Who's Your Daddy? Establishing Paternity in Minnesota
Updated: Apr 8, 2019
[NOTE: This post addresses children born to “opposite” sex partners. Children born to same sex partners will be addressed another time]
Although it may come as a shock, that fact is that unmarried people sometimes have babies. Under Minnesota law, an unmarried woman who gives birth has sole legal and physical custody of the child unless and until a custody order is entered by the Court. This means that the biological father has no right to custody or parenting time and no responsibility to care for the child. Because of this, both parents may have an interest in having such an order entered.
Before a custody order can be entered, however, the identity of the child’s “legal” father must be determined. If a couple is married, the law presumes that the husband is the father of the child. In contrast, if the parties are unmarried, something needs to occur to establish legal fatherhood.
The easiest way to establish paternity is for both parents to sign a Recognition of Parentage (“ROP”). This is often done at the hospital or birth center shortly after the child is born. Once signed and filed with the Office of Vital Records, the ROP establishes the legal relationship between the father and the child. An ROP also:
· Allows the father to be named on birth records;
· Allows the child to be covered by the father’s medical and dental insurance;
· Gives the father the right to be notified of any adoption proceedings;
· Gives the father the right to ask for custody and parenting time;
· Gives the mother the right to ask for child support.

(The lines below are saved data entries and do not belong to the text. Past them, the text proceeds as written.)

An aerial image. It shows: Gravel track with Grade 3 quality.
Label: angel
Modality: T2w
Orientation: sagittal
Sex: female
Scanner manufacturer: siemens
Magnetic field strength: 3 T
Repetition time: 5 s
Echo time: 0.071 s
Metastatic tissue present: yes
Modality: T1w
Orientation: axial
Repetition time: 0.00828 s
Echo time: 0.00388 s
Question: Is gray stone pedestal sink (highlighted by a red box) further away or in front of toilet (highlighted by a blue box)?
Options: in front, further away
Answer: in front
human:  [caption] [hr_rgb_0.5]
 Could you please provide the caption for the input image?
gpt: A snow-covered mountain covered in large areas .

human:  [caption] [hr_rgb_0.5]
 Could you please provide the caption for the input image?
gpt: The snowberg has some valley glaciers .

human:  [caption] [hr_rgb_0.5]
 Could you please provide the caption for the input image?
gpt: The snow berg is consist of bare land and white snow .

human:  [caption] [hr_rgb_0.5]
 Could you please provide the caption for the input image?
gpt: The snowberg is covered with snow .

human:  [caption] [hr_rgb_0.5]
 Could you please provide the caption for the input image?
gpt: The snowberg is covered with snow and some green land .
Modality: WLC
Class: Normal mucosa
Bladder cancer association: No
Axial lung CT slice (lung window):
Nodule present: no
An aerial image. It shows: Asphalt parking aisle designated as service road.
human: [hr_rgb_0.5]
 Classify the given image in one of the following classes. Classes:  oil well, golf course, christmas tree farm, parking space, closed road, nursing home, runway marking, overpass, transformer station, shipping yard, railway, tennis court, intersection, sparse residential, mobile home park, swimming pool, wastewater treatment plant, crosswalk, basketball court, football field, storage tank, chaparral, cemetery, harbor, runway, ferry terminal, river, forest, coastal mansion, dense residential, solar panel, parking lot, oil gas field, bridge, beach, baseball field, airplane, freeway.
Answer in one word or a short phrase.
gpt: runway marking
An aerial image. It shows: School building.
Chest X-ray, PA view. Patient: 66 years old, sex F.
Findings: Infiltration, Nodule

It is important to remember that the ROP does NOT, in and of itself, establish custody or parenting time for the father, or create an obligation for him to pay child support. A court order is still needed to do these things, but the ROP eliminates the need to first determine legal paternity.
The parties can sign an ROP even if the mother is married to someone else, but in such cases the mother’s husband needs to sign a Non-Parentage Statement (“NPS”) within one year of the child’s birth to voluntarily establish that someone else is the biological father. If the husband does not sign the NPS, the parents will need to get a court order to establish that someone else is the father. Both an ROP and an NPS may be revoked within 60 days of signing; after 60 days, they cannot be undone without a court order.
If there is no signed ROP, either party can ask the court for an order stating that the man is the legal father of the child. Often, this is done in conjunction with a request for custody and parenting time, or for child support. In such cases, both parties may agree about the identity of the father, or they may demand proof in the form of genetic testing. Such testing can be voluntary, or it can be ordered by the court if proper allegations are made indicating that the man is likely the father.
Genetic testing can be done any time after the child’s birth and can show, with a very high degree of certainty, that the man is or is not the biological father. If the testing demonstrates that the man is the biological father, the court will enter an order making him the legal father as well. Once this happens, custody, parenting time, and child support can also be determined and ordered by the court.